A Case of the Bends: Focal Shift Due to Refraction
While travelling through a solid medium, a ray's path is straight (Figure 1). Its angle (θo ) with the optical axis is constant as it converges to the focal point (f ). Values of FFD are determined assuming this medium is air.

When an optic with plane-parallel sides and a higher refractive index (nm ) is placed in the ray's path, refraction causes the ray to bend and take a shallower angle (θm ) through the optic. This angle can be determined from Snell's law, as described in the table and illustrated in Figure 2.

While travelling through the optic, the ray approaches the optical axis at a slower rate than a ray travelling the same distance in air. After exiting the optic, the ray's angle with the axis is again θo , the same as a ray that did not pass through the optic. However, the ray exits the optic farther away from the axis than if it had never passed through it. Since the ray refracted by the optic is farther away, it crosses the axis at a point shifted Δf beyond the other ray's crossing. Increasing the optic's thickness widens the separation between the two rays, which increases Δf.

To Infinity and Beyond
It is important to many applications that the camera system be capable of capturing high-quality images of objects at infinity. Rays from these objects are parallel and focused to a point closer to the lens than rays from closer objects (Figure 3). The FFDs of cameras and lenses are defined so the focal point of rays from infinitely distant objects will align with the camera's sensor plane. When a lens has an adjustable focal range, objects at infinity are in focus at one end of the range and closer objects are in focus at the other.

Different effects, including temperature changes and tolerance stacking, can result in the lens and / or camera not exactly meeting the FFD specification. When the lens' actual FFD is shorter than the camera's, the camera system can no longer obtain sharp images of objects at infinity (Figure 4). This offset can also result if an optic is removed from between the lens and camera sensor.

An approach some lenses use to compensate for this is to allow the user to vary the lens focus to points "beyond" infinity. This does not refer to a physical distance, it just allows the lens to push its focal plane farther away. Thorlabs' Kiralux™ and Quantalux® cameras include adjustable C-mount adapters to allow the spacing to be tuned as needed.

If the lens' FFD is larger than the camera's, images of objects at infinity fall within the system's focal range, but some closer objects that should be within this range will be excluded. This situation can be caused by inserting optics between the lens and camera sensor. If objects at infinity can still be imaged, this can often be acceptable.

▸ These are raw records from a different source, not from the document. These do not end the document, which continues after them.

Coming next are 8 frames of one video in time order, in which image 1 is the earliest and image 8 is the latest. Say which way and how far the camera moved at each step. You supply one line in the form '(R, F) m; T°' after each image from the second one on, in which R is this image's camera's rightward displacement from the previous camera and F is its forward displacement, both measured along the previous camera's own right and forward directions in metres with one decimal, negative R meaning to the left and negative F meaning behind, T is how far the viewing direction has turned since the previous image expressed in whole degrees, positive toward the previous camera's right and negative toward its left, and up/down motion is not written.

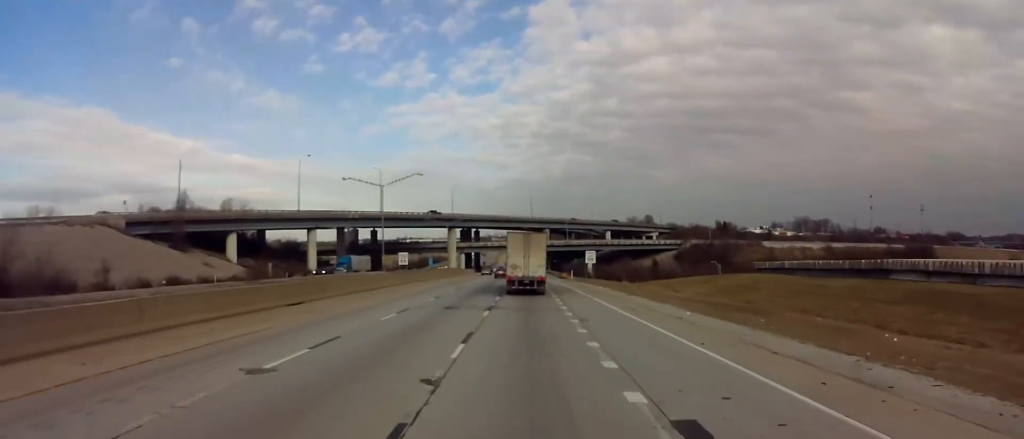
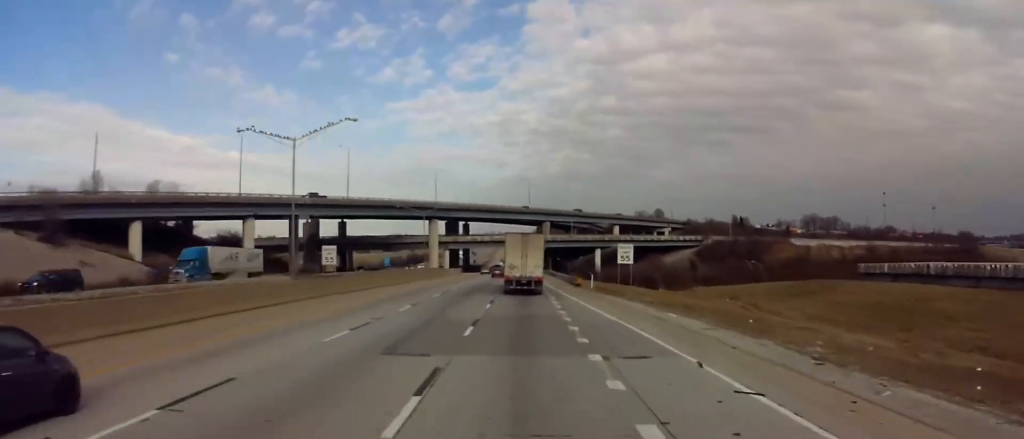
(-0.5, +32.1) m; -1°
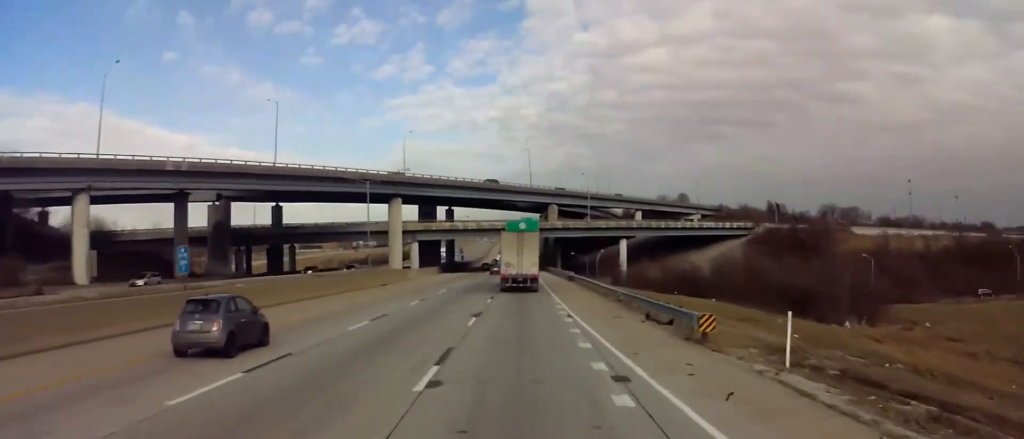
(0.0, +45.8) m; 0°
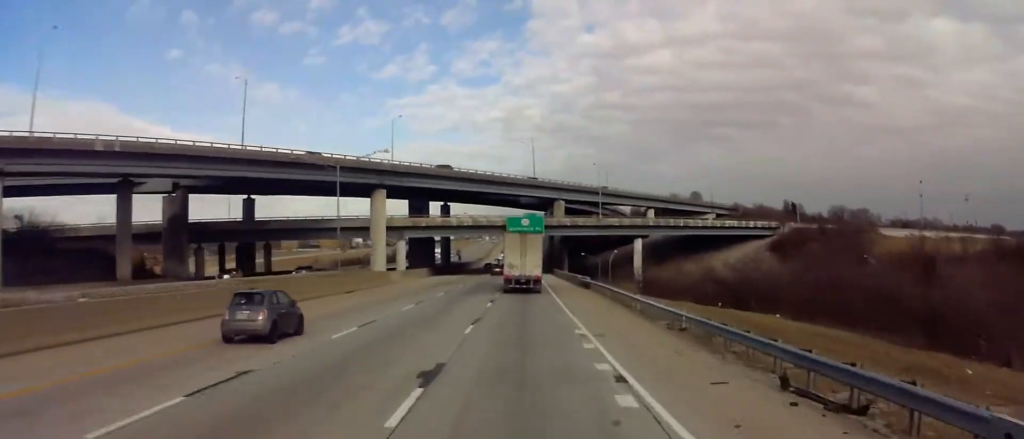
(+0.1, +14.7) m; 0°
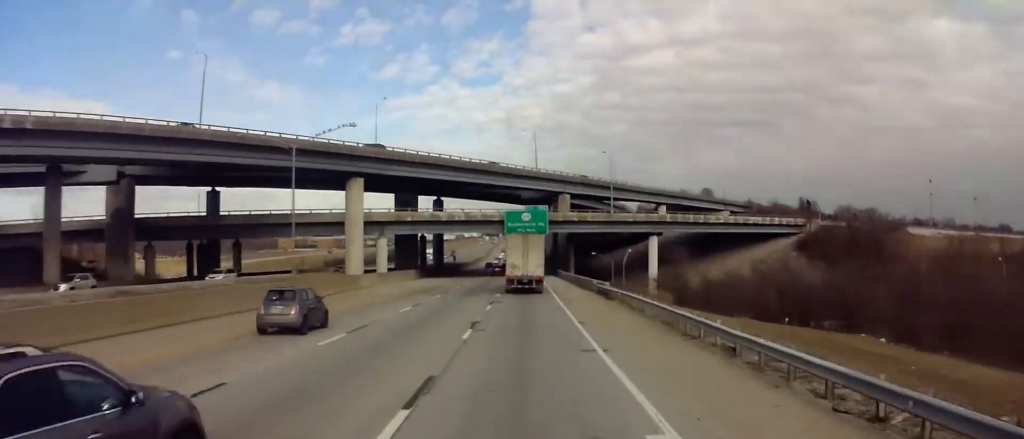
(+0.2, +13.7) m; 0°
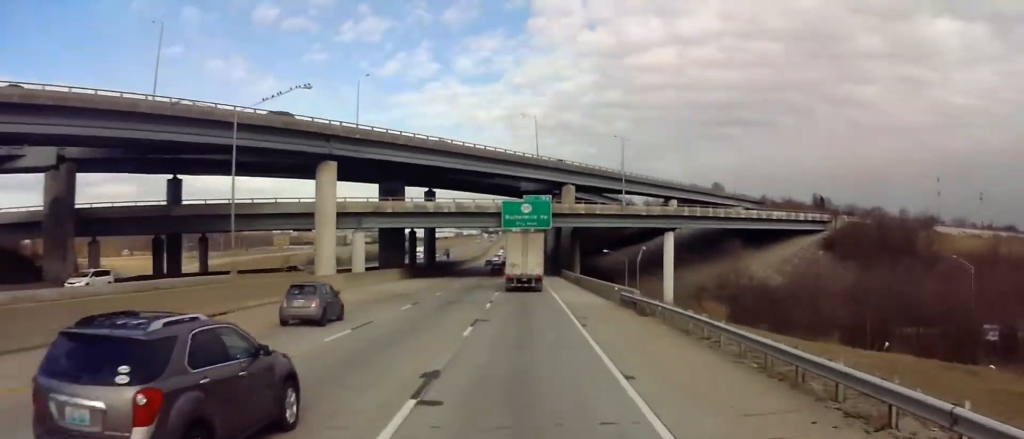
(0.0, +11.8) m; 0°
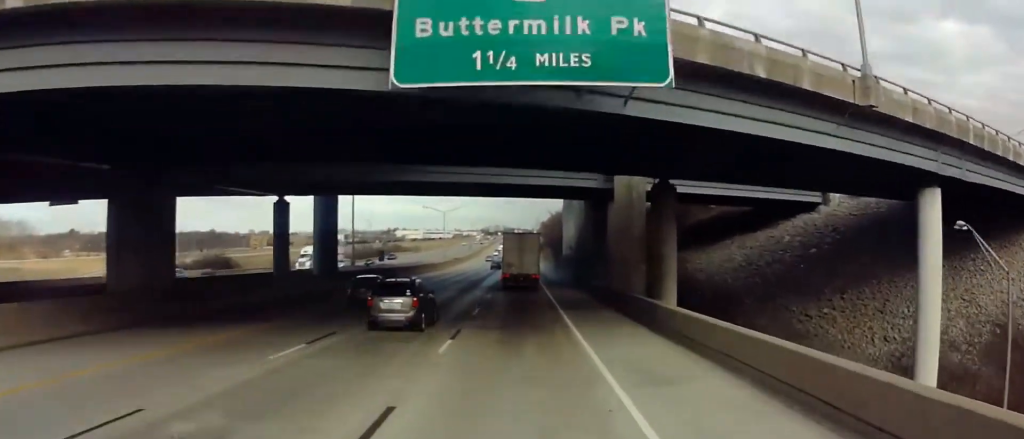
(+0.1, +64.0) m; +1°
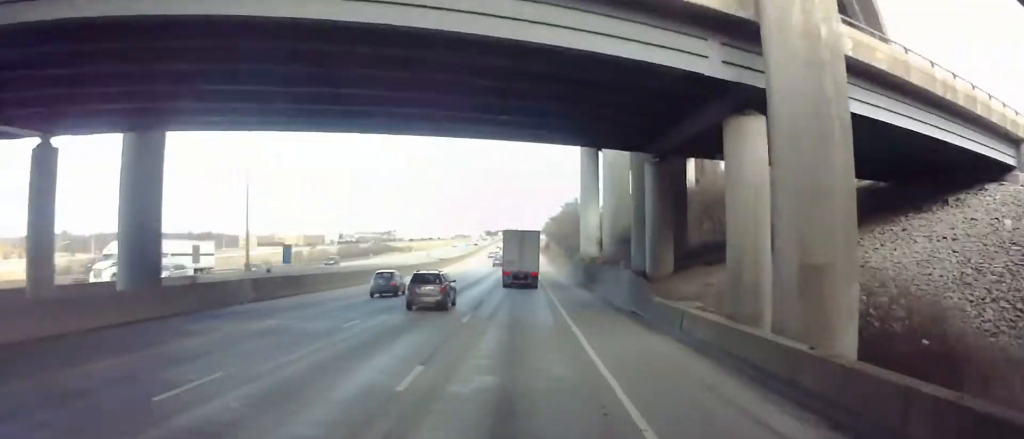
(+0.1, +29.5) m; +1°

Not Just Theory: Camera Design Example
The C-mount, hermetically sealed, and TE-cooled Quantalux camera has a fixed 18.1 mm spacing between its flange surface and sensor plane. However, the FFD (f ) for C-mount camera systems is 17.526 mm. The camera's need for greater spacing becomes apparent when the focal shift due to the window soldered into the hermetic cover and the glass covering the sensor are taken into account. The results recorded in the table beneath Figure 2 show that both exact and paraxial equations return a required total spacing of 18.1 mm.